Task brief => Only a number is required: how many lines of the material contain the string "ECLI".

#####

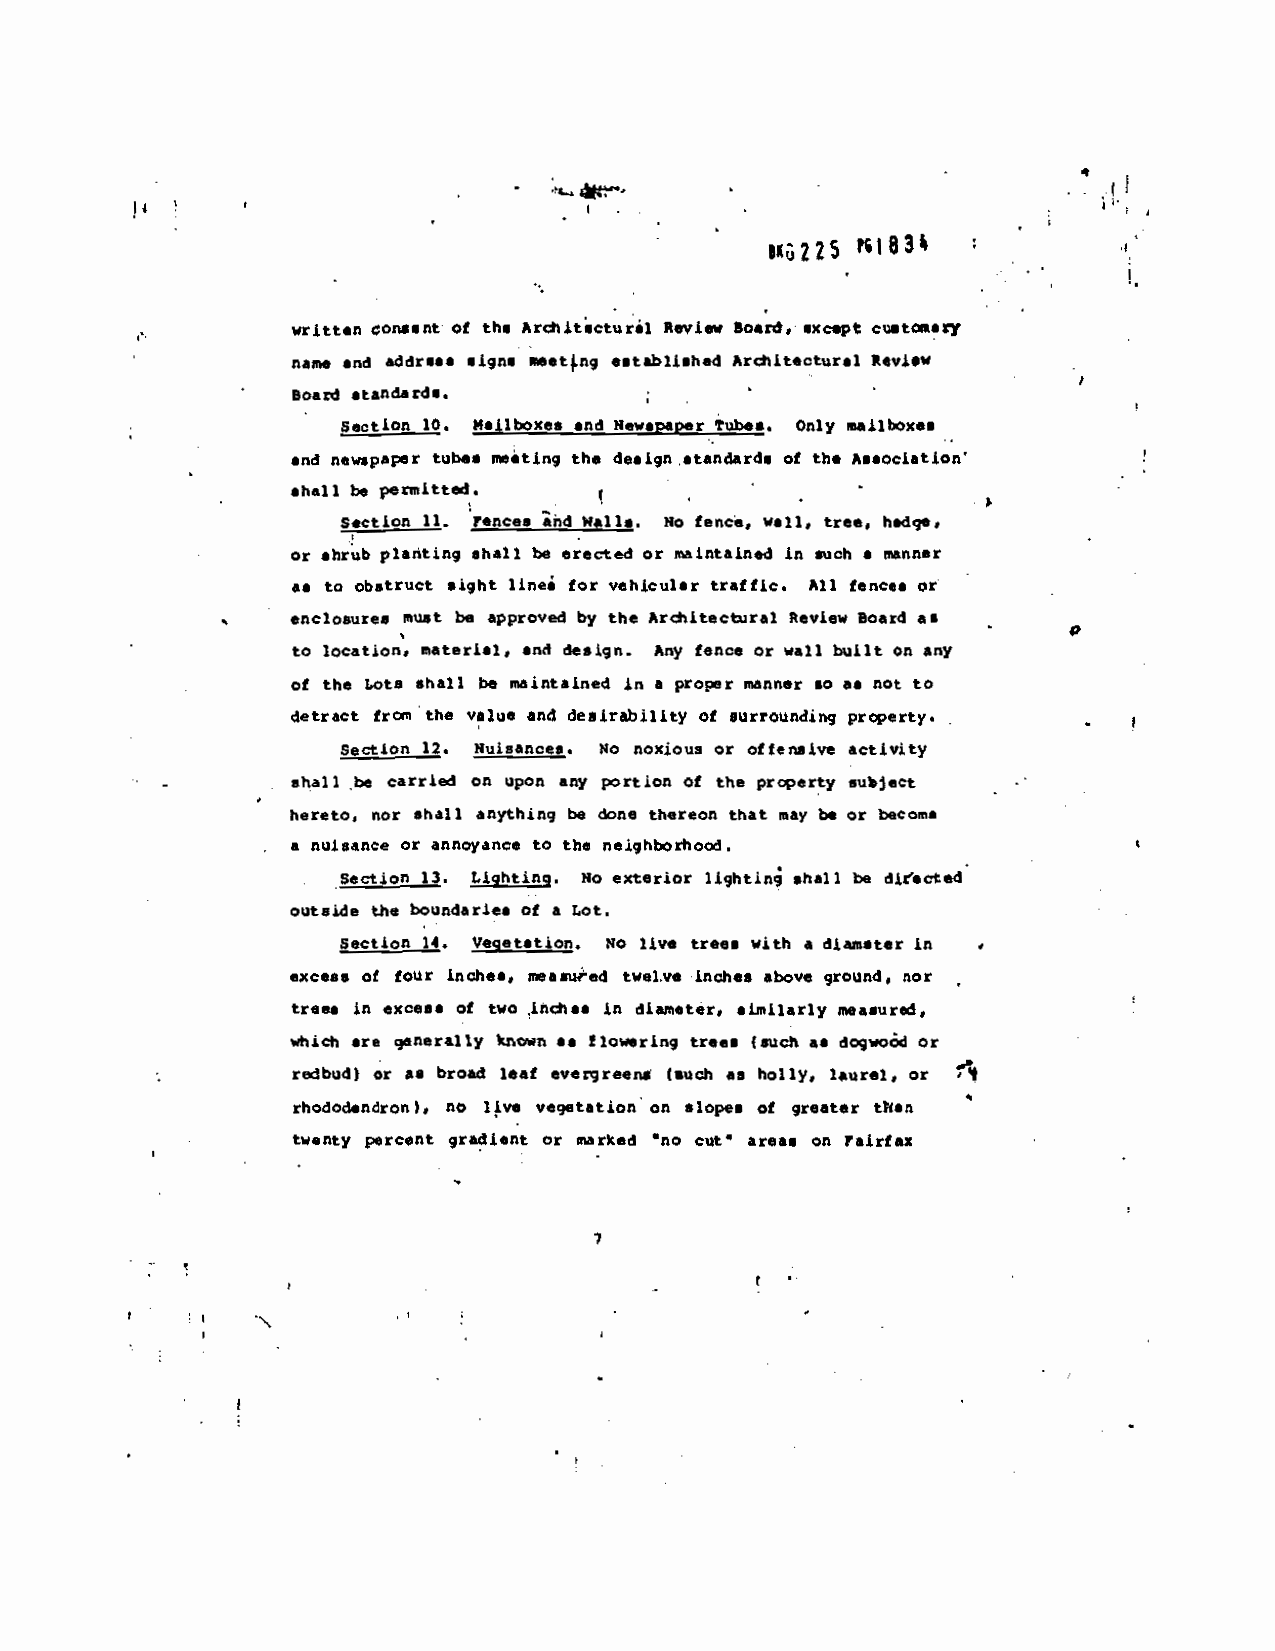
-         4
 ?U83
 ,*G225
 written consent of U,. Ardljücturjl Review ScaM, except cu.taxy
 flame and address signs setjnq •st.bli.h.d Architectural Review
 Board standards.
 Section 10. Mailboxes and Newspaper ubes. Only mailboxes
 and newspaper tubes neâting the design standards of the Association
 shall be pernitted.
 Section II. fences and Wall.. No fend, wall, tree, hedge.
 or shrub planting ehal I be erected or maintained in such
 a n%annsr
 as to obstruct sight linei for vehicular traffic. All fence, or -
 enclosure. nust be approved by the Architectural Review Board as
 to location'. material, and design. Any fence
 or Wall built on any
 of the Lots shall be maintained in a proper
 manner so as not to
 detract fra, the vilue and desirability of
 •urroundj preperty. -
 Section 12. Nuisance,. No noxious or offensive activity
 shall be carried on Upon any portion of the
 property subject
 hereto, nor shall anything be done thereon that
 may be or become
 a nuisance or annoyance to th, neighborhood.
 section 13. Lighting.
 No exterior lightin shall be dir'.cted
 outside the boundarie, of a Lot.
 section ii.
 Vegetation. No live trees with a diaa.t.r in
 excess of four inches, measured twelve inches
 above grOund, nor
 trees in excess of two inches
 in diameter, slaijarly measured,
 which are generally tMn
 Is flowering trees (such as dogwood or
 redbud) or I. broad leaf evergreen. (such a, holly, laurel, or fl
 rhododendron), no live vegetation on slope, of greater than
 twenty percent gradient or marked no cut- areac
 on Fairfax
 7
 p                                                              p
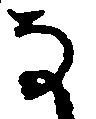
な
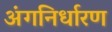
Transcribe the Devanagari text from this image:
अंगनिर्धारण
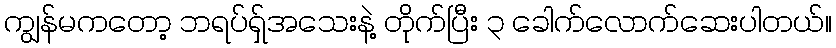
ကျွန်မကတော့ ဘရပ်ရှ်အသေးနဲ့ တိုက်ပြီး ၃ ခေါက်လောက်ဆေးပါတယ်။
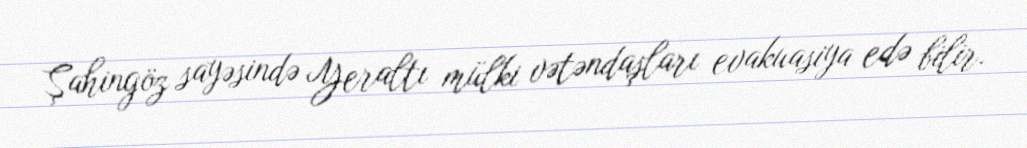
Şahingöz sayəsində Yeraltı mülki vətəndaşları evakuasiya edə bilir.
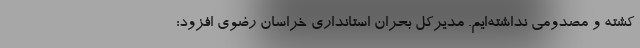
کشته و مصدومی نداشته‌ایم. مدیرکل بحران استانداری خراسان رضوی افزود:
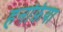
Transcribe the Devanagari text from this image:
हनफ़िया
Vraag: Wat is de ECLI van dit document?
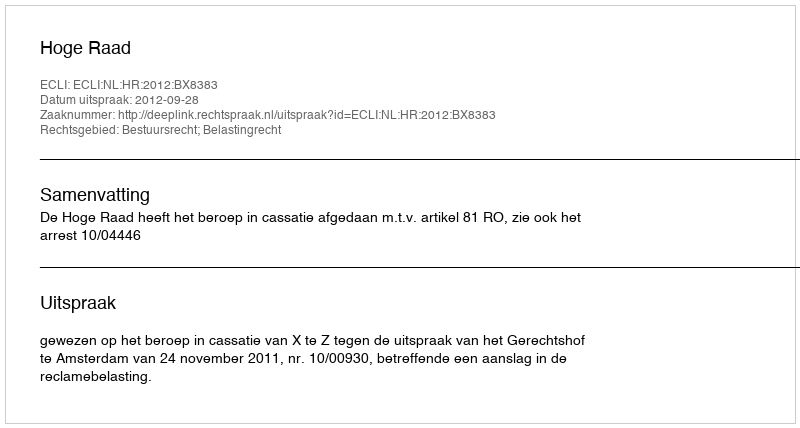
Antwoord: ECLI:NL:HR:2012:BX8383
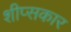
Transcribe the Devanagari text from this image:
शीप्सकार
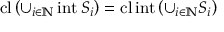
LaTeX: \operatorname { c l } \left( \cup _ { i \in \mathbb { N } } \operatorname { i n t } S _ { i } \right) = \operatorname { c l } \operatorname { i n t } \left( \cup _ { i \in \mathbb { N } } S _ { i } \right)
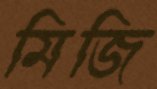
মিজি
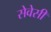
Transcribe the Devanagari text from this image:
सेवेसी
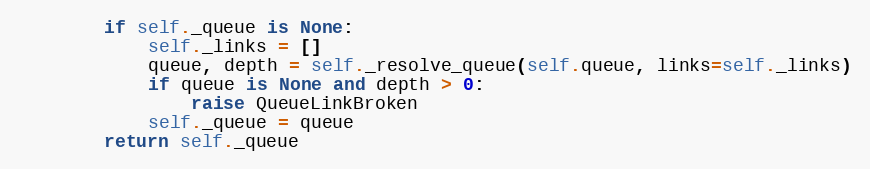
Language: Python
        if self._queue is None:
            self._links = []
            queue, depth = self._resolve_queue(self.queue, links=self._links)
            if queue is None and depth > 0:
                raise QueueLinkBroken
            self._queue = queue
        return self._queue
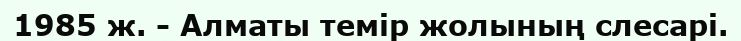
1985 ж. - Алматы темір жолының слесарі.
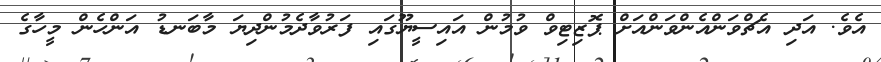
އެވެ. އަދި އެޗްވަންއެންވަންއަށް ޕޮޒިޓިވް ވުމުން އައިސީޔޫގައި ފަރުވާދެމުންދިޔަ މާބަނޑު އަންހެން މީހާގެ
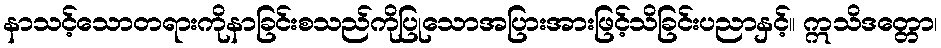
နာသင့်သောတရားကိုနာခြင်းစသည်ကိုပြုသောအပြားအားဖြင့်သိခြင်းပညာနှင့်။ ဣသိဒတ္တော၊
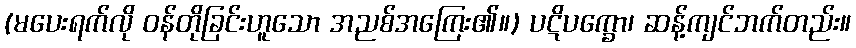
(မပေးရက်လို ဝန်တိုခြင်းဟူသော အညစ်အကြေး၏။) ပဋိပက္ခော၊ ဆန့်ကျင်ဘက်တည်း။
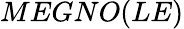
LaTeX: MEGNO(LE)
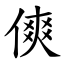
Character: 傸
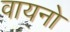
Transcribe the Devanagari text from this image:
वायनो
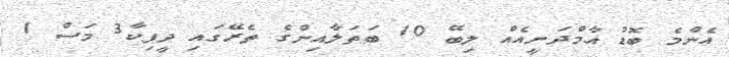
އެންމެ ބޮޑު އާމްދަނީއެއް ލިބޭ 10 ބަތަލާއިންގެ ތެރޭގައި ދީޕިކާ3 މަސް 1
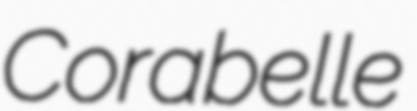
Corabelle
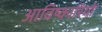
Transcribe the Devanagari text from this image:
आविष्कारियों
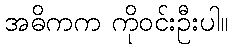
အဓိကက ကိုဝင်းဦးပါ။
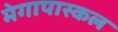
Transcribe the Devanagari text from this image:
मेगापास्कल
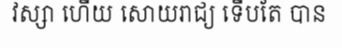
វស្សា ហើយ សោយរាជ្យ ទើបតែ បាន
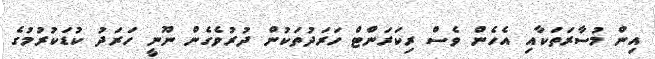
އިން މުސާރަތަކާއި އެހެން ވެސް ރިކަރަންޓް ހަރަދުތަކުން ދުރުވެގެން ނޫނީ ހަރަދު ކުޑަކުރުމުގެ
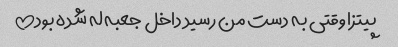
پیتزا وقتی به دست من رسید داخل جعبه له شده بود!!
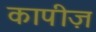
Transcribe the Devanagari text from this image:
कापीज़
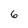
Character: 6
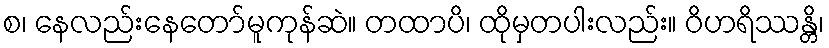
စ၊ နေလည်းနေတော်မူကုန်ဆဲ။ တထာပိ၊ ထိုမှတပါးလည်း။ ဝိဟရိဿန္တိ၊
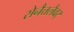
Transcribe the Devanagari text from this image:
सेनैत्तलैवर्
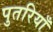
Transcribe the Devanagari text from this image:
पुतरियाँ
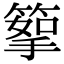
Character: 𥰪
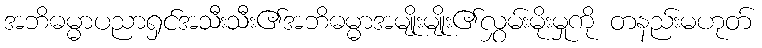
အဘိဓမ္မာပညာရှင်အသီးသီး၏အဘိဓမ္မာအမျိုးမျိုး၏လွှမ်းမိုးမှုကို တနည်းမဟုတ်
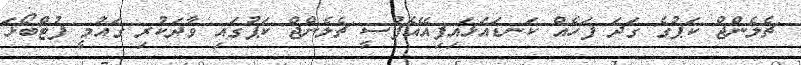
ޗެލެންޖް ކަޕުގެ ގަދަ ފަހެއް ކަނޑައަޅައިފިއޭއެފްސީ ޗެލެންޖް ކަޕުގައި ވާދަކުރި ގައުމީ ފުޓްބޯޅަ
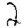
Digit: 2
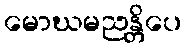
မောဃမညန္တိပေ
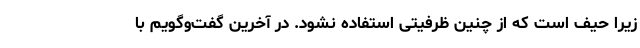
زیرا حیف است که از چنین ظرفیتی استفاده نشود. در آخرین گفت‌وگویم با
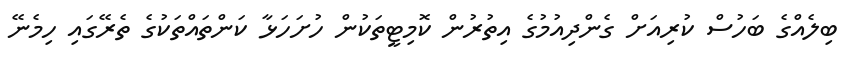
ބިލެއްގެ ބަހުސް ކުރިއަށް ގެންދިއުމުގެ އިތުރުން ކޮމިޓީތަކުން ހުށަހަޅާ ކަންތައްތަކުގެ ތެރޭގައި ހިމެނޭ
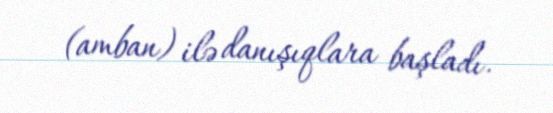
(amban) ilə danışıqlara başladı.
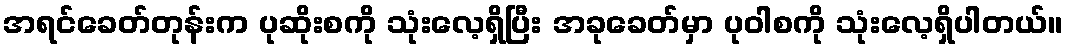
အရင်ခေတ်တုန်းက ပုဆိုးစကို သုံးလေ့ရှိပြီး အခုခေတ်မှာ ပုဝါစကို သုံးလေ့ရှိပါတယ်။

#####

Answer below => 2